For the first time since the war had started, there was no way out of Tyre. And for those left behind, there was no way to get around.
The night before, Israeli aircraft had bombed a pile of powdery sand along a wilting banana plantation that forded the Litani River, what had become the last link between Tyre and the rest of Lebanon. The rest of the bridges along the river, which bisects southern Lebanon, were bombed in the early days of the nearly month-long war. On Monday, Israeli military forces shelled the road to the south, where columns of smoke rose and the whistle of outgoing rockets sounded across the afternoon.
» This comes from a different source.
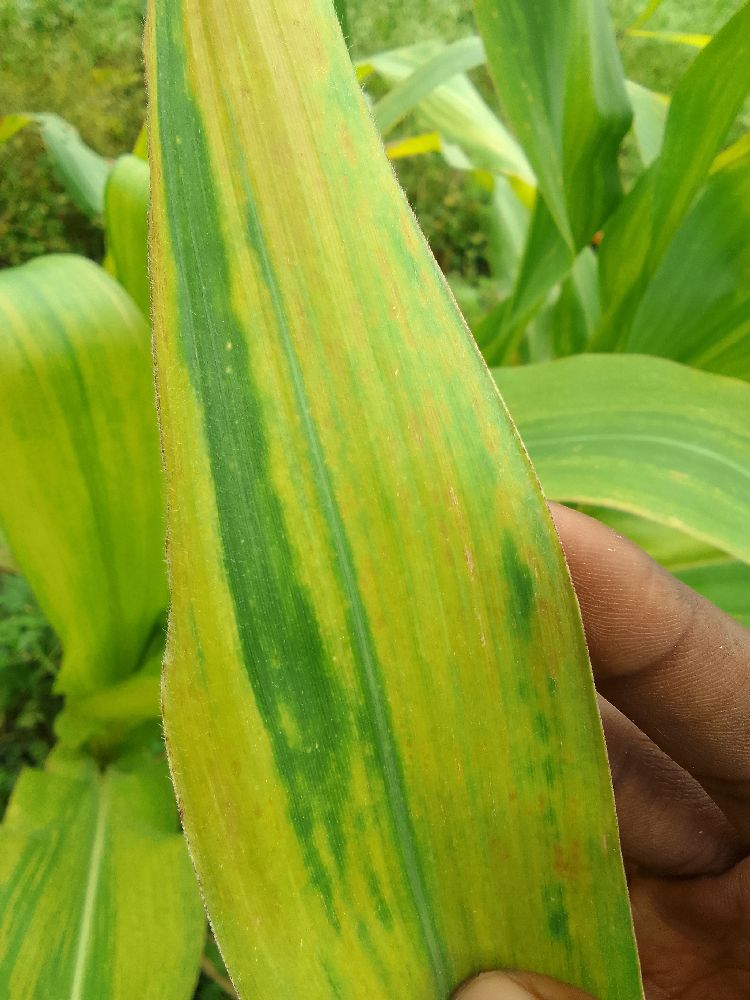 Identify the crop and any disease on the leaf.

Inside Tyre, besieged and desperate, Israeli missiles struck an apartment complex targeted by an Israeli commando raid last weekend, reducing four five-story buildings to rubble and igniting a fire in a building still standing. The percussion of blasts paralyzed Tyre, transforming the seaside city into a ghost town.
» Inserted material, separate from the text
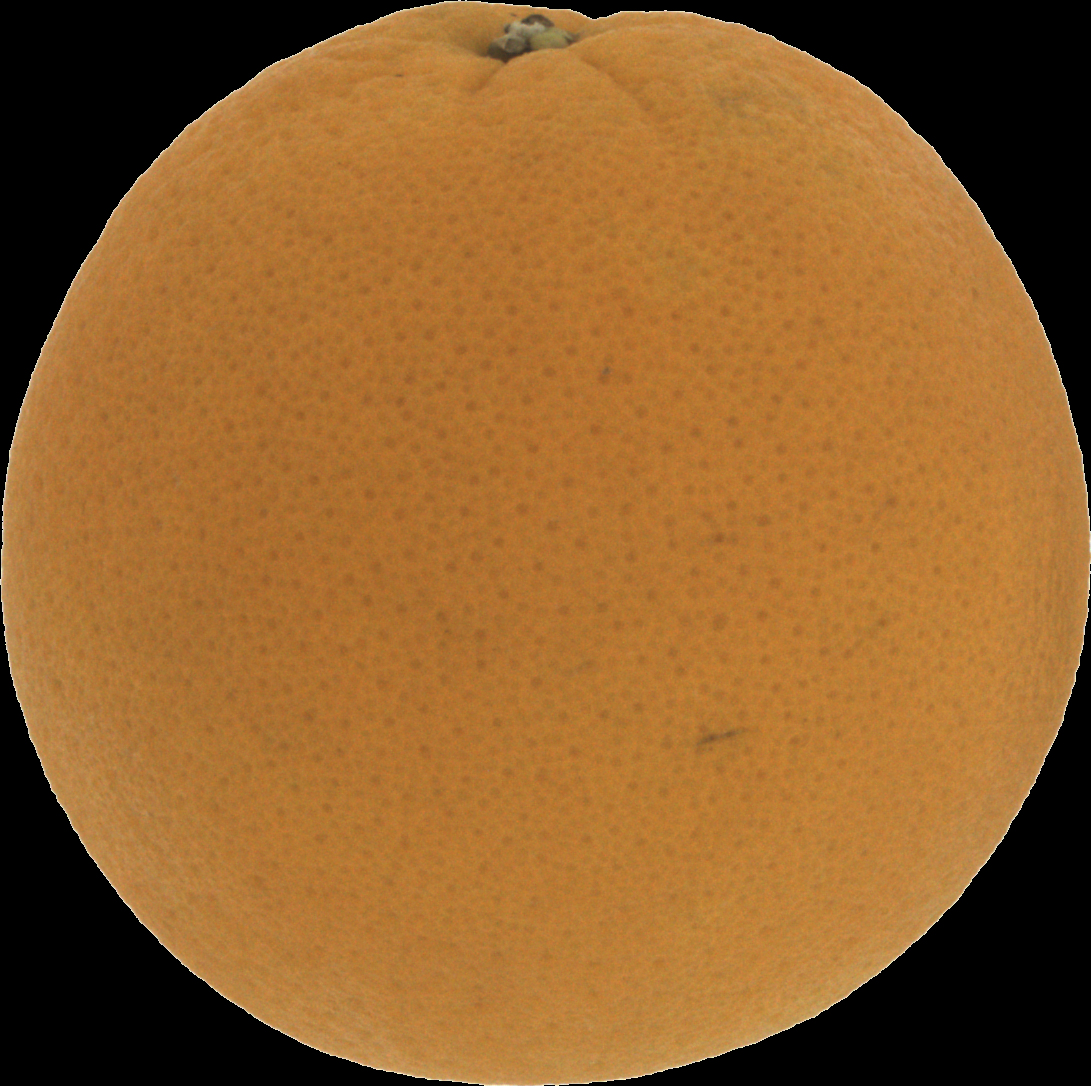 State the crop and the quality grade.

orange, good

What was supposed to serve as a staging point for relief into southern Lebanon -- the city where aid officials say thousands remain stranded and corpses have rotted in the streets for as many as 10 days -- had become too dangerous for anyone but a few motorcyclists.
"The city is completely cut off from the rest of the world," said Roland Huguenin, a spokesman for the International Committee of the Red Cross, which has been prevented from sending out convoys for three days. "Tyre doesn't have a lifeline now."
At Jabal Amel Hospital, physician Ahmad Mroue slumped in a leather chair, chatting with a colleague, Bassam Mteirak.
"No ambulances," Mroue said, shaking his head.
"The ambulances are here, and they can't go to the buildings over there," Mteirak said.